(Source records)
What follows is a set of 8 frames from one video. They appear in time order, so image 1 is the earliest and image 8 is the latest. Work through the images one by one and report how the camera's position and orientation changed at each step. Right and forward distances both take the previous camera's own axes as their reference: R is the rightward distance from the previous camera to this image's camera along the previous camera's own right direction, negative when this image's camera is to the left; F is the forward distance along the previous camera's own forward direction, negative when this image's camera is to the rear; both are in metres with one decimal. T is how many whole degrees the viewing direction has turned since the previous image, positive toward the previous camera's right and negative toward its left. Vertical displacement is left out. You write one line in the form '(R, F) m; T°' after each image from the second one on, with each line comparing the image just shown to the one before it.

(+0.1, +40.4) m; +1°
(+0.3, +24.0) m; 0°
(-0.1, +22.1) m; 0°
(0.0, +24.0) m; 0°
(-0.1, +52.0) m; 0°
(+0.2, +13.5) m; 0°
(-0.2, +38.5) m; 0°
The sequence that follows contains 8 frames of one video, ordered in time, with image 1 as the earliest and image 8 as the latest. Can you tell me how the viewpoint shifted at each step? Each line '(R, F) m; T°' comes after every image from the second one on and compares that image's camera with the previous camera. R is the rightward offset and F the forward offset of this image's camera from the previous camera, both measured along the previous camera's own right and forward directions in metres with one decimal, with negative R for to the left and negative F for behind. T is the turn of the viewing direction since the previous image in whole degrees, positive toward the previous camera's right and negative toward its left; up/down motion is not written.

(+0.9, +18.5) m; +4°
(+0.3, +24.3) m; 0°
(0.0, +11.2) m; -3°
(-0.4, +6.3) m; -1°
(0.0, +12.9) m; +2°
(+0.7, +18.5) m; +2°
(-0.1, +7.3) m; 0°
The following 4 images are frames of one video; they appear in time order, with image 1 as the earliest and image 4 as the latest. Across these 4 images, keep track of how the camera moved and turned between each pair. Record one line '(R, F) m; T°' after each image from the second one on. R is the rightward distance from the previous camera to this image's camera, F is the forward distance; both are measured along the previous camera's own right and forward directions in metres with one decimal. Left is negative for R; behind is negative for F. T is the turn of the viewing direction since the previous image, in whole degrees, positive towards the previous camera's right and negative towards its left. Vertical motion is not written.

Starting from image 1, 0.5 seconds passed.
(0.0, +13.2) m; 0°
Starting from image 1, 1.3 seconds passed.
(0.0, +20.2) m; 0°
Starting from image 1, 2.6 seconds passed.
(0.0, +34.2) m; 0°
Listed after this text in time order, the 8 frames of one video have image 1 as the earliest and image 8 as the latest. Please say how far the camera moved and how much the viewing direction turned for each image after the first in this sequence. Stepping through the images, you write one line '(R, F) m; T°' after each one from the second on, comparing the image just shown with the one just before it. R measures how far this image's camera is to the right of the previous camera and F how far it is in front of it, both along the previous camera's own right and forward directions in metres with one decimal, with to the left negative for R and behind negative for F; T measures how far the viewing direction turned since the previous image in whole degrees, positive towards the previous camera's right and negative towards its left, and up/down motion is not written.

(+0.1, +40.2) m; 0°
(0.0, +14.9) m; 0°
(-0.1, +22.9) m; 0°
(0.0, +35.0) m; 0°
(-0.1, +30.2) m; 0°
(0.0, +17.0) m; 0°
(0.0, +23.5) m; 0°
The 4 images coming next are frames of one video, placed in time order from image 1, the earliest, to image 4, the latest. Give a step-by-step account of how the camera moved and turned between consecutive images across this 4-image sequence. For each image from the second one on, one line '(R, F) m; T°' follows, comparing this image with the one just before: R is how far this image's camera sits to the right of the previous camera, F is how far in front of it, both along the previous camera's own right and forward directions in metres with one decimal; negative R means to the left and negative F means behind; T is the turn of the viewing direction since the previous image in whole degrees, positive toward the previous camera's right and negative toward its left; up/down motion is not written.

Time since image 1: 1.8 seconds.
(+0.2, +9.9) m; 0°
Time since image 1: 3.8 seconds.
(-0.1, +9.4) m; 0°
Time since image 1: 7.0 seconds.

■ ABOUT THIS TASK: Top to bottom, set down the entries above word for word.

■ TASK RESPONSE:
What follows is a set of 8 frames from one video. They appear in time order, so image 1 is the earliest and image 8 is the latest. Work through the images one by one and report how the camera's position and orientation changed at each step. Right and forward distances both take the previous camera's own axes as their reference: R is the rightward distance from the previous camera to this image's camera along the previous camera's own right direction, negative when this image's camera is to the left; F is the forward distance along the previous camera's own forward direction, negative when this image's camera is to the rear; both are in metres with one decimal. T is how many whole degrees the viewing direction has turned since the previous image, positive toward the previous camera's right and negative toward its left. Vertical displacement is left out. You write one line in the form '(R, F) m; T°' after each image from the second one on, with each line comparing the image just shown to the one before it.

(+0.1, +40.4) m; +1°
(+0.3, +24.0) m; 0°
(-0.1, +22.1) m; 0°
(0.0, +24.0) m; 0°
(-0.1, +52.0) m; 0°
(+0.2, +13.5) m; 0°
(-0.2, +38.5) m; 0°
The sequence that follows contains 8 frames of one video, ordered in time, with image 1 as the earliest and image 8 as the latest. Can you tell me how the viewpoint shifted at each step? Each line '(R, F) m; T°' comes after every image from the second one on and compares that image's camera with the previous camera. R is the rightward offset and F the forward offset of this image's camera from the previous camera, both measured along the previous camera's own right and forward directions in metres with one decimal, with negative R for to the left and negative F for behind. T is the turn of the viewing direction since the previous image in whole degrees, positive toward the previous camera's right and negative toward its left; up/down motion is not written.

(+0.9, +18.5) m; +4°
(+0.3, +24.3) m; 0°
(0.0, +11.2) m; -3°
(-0.4, +6.3) m; -1°
(0.0, +12.9) m; +2°
(+0.7, +18.5) m; +2°
(-0.1, +7.3) m; 0°
The following 4 images are frames of one video; they appear in time order, with image 1 as the earliest and image 4 as the latest. Across these 4 images, keep track of how the camera moved and turned between each pair. Record one line '(R, F) m; T°' after each image from the second one on. R is the rightward distance from the previous camera to this image's camera, F is the forward distance; both are measured along the previous camera's own right and forward directions in metres with one decimal. Left is negative for R; behind is negative for F. T is the turn of the viewing direction since the previous image, in whole degrees, positive towards the previous camera's right and negative towards its left. Vertical motion is not written.

Starting from image 1, 0.5 seconds passed.
(0.0, +13.2) m; 0°
Starting from image 1, 1.3 seconds passed.
(0.0, +20.2) m; 0°
Starting from image 1, 2.6 seconds passed.
(0.0, +34.2) m; 0°
Listed after this text in time order, the 8 frames of one video have image 1 as the earliest and image 8 as the latest. Please say how far the camera moved and how much the viewing direction turned for each image after the first in this sequence. Stepping through the images, you write one line '(R, F) m; T°' after each one from the second on, comparing the image just shown with the one just before it. R measures how far this image's camera is to the right of the previous camera and F how far it is in front of it, both along the previous camera's own right and forward directions in metres with one decimal, with to the left negative for R and behind negative for F; T measures how far the viewing direction turned since the previous image in whole degrees, positive towards the previous camera's right and negative towards its left, and up/down motion is not written.

(+0.1, +40.2) m; 0°
(0.0, +14.9) m; 0°
(-0.1, +22.9) m; 0°
(0.0, +35.0) m; 0°
(-0.1, +30.2) m; 0°
(0.0, +17.0) m; 0°
(0.0, +23.5) m; 0°
The 4 images coming next are frames of one video, placed in time order from image 1, the earliest, to image 4, the latest. Give a step-by-step account of how the camera moved and turned between consecutive images across this 4-image sequence. For each image from the second one on, one line '(R, F) m; T°' follows, comparing this image with the one just before: R is how far this image's camera sits to the right of the previous camera, F is how far in front of it, both along the previous camera's own right and forward directions in metres with one decimal; negative R means to the left and negative F means behind; T is the turn of the viewing direction since the previous image in whole degrees, positive toward the previous camera's right and negative toward its left; up/down motion is not written.

Time since image 1: 1.8 seconds.
(+0.2, +9.9) m; 0°
Time since image 1: 3.8 seconds.
(-0.1, +9.4) m; 0°
Time since image 1: 7.0 seconds.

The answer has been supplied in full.